An Internet hub with domestic and international news, analysis, original reporting, and popular features from the left, center, indies, centrists, moderates, and right

Support the Troops, Screw the Veterans — Part I


Two of my hottest buttons are hypocritical politicians and the erosion of government-paid veterans’ benefits.

With the war in Iraq, the two have come together nicely to make a hot button the size of a volcano.

In fairness, the erosion in vets benefits began during the Clinton administration but has accelerated since The Decider took the throne and sent hundreds of thousands of Americans to fight in the Mess in Mesopotamia and in Afghanistan.

Many of those veterans have since been discharged, and by one estimate one in five have post-combat physical and mental disabilities requiring treatment, or more than 100,000 to date.

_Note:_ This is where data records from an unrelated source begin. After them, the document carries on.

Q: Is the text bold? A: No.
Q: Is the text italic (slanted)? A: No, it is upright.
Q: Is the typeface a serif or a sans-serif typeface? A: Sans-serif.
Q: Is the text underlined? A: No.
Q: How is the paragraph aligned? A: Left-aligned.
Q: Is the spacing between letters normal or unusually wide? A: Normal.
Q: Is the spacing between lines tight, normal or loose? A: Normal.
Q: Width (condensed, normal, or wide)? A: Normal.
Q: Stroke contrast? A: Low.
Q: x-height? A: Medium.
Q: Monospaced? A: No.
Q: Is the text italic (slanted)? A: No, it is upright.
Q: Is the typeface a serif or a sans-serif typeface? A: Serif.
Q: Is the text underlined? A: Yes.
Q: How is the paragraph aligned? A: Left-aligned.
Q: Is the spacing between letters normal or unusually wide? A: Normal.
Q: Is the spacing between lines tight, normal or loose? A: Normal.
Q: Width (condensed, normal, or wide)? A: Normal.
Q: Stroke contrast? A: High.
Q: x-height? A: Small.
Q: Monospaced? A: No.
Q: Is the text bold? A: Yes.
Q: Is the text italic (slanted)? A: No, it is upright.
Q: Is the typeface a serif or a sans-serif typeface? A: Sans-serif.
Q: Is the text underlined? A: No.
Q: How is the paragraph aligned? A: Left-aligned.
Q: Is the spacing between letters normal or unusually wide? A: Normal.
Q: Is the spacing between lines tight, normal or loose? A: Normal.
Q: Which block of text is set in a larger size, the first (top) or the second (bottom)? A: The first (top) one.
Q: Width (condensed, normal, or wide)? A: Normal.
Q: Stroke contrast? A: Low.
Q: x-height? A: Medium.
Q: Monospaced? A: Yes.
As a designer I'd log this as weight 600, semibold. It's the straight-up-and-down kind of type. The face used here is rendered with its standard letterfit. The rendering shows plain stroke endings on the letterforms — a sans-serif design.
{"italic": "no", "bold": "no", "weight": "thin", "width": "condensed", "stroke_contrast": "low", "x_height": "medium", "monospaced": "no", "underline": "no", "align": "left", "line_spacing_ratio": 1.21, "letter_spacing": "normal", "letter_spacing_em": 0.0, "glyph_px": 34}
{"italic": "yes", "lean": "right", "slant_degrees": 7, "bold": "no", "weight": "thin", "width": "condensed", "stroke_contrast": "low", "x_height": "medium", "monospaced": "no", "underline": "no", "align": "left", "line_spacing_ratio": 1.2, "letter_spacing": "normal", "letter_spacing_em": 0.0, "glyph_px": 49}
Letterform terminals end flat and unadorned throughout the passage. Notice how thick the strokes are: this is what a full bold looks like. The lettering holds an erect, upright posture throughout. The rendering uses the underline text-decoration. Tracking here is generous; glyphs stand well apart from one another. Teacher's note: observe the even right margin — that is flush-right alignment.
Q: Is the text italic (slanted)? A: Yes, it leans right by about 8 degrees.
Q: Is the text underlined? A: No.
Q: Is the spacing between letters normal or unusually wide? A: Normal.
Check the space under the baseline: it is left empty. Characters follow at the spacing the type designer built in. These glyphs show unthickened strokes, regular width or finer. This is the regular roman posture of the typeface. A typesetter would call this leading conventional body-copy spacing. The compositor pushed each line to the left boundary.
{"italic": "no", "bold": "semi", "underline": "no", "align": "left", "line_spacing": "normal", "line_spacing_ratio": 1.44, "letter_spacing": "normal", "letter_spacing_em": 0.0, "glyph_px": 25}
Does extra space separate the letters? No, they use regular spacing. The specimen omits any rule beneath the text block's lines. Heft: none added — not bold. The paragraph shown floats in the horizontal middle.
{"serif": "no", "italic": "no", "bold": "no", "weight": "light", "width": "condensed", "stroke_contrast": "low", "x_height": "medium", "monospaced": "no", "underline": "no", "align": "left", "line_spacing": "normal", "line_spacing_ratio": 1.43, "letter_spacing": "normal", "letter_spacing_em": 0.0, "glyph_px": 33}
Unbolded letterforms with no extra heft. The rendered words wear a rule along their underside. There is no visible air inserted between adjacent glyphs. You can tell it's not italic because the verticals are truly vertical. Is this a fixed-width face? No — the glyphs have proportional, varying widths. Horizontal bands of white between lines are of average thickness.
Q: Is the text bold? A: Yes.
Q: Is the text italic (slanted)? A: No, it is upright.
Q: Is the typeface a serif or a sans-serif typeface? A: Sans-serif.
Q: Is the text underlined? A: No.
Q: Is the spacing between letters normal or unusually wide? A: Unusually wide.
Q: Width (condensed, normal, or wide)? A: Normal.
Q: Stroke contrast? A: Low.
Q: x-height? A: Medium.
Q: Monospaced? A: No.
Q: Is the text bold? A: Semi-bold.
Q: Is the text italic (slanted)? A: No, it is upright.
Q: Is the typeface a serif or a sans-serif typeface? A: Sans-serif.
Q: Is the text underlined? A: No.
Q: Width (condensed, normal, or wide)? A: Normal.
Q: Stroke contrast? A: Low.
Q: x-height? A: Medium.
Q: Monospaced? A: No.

Trouble is, many of these vets are trying to tap into an already overburdened Veterans Administration medical system and are not getting the help they need and very much deserve.

Wait, it gets worse: Given current projections, one expert estimates that about 400,000 vets eventually will need treatment.

What has the response of Congress been to this looming crisis? To cut back benefits, of course.

Who are the leading benefit cutters? The very Republicans who slavishly backed the war and have yammered on ad nauseum about how we have to support the troops.

A guy by the name of Bob Geiger and a terrific young organization called Iraq and Afghanistan Veterans of America took a close look at 324 Senate votes on veterans’ bennies and healthcare in the last five years that affected American troops and veterans. Their conclusion:

All Senate Democrats have been more supportive of the troops and veterans than any Senate Republicans.

Read their ratings for both Senate and House here. And weep.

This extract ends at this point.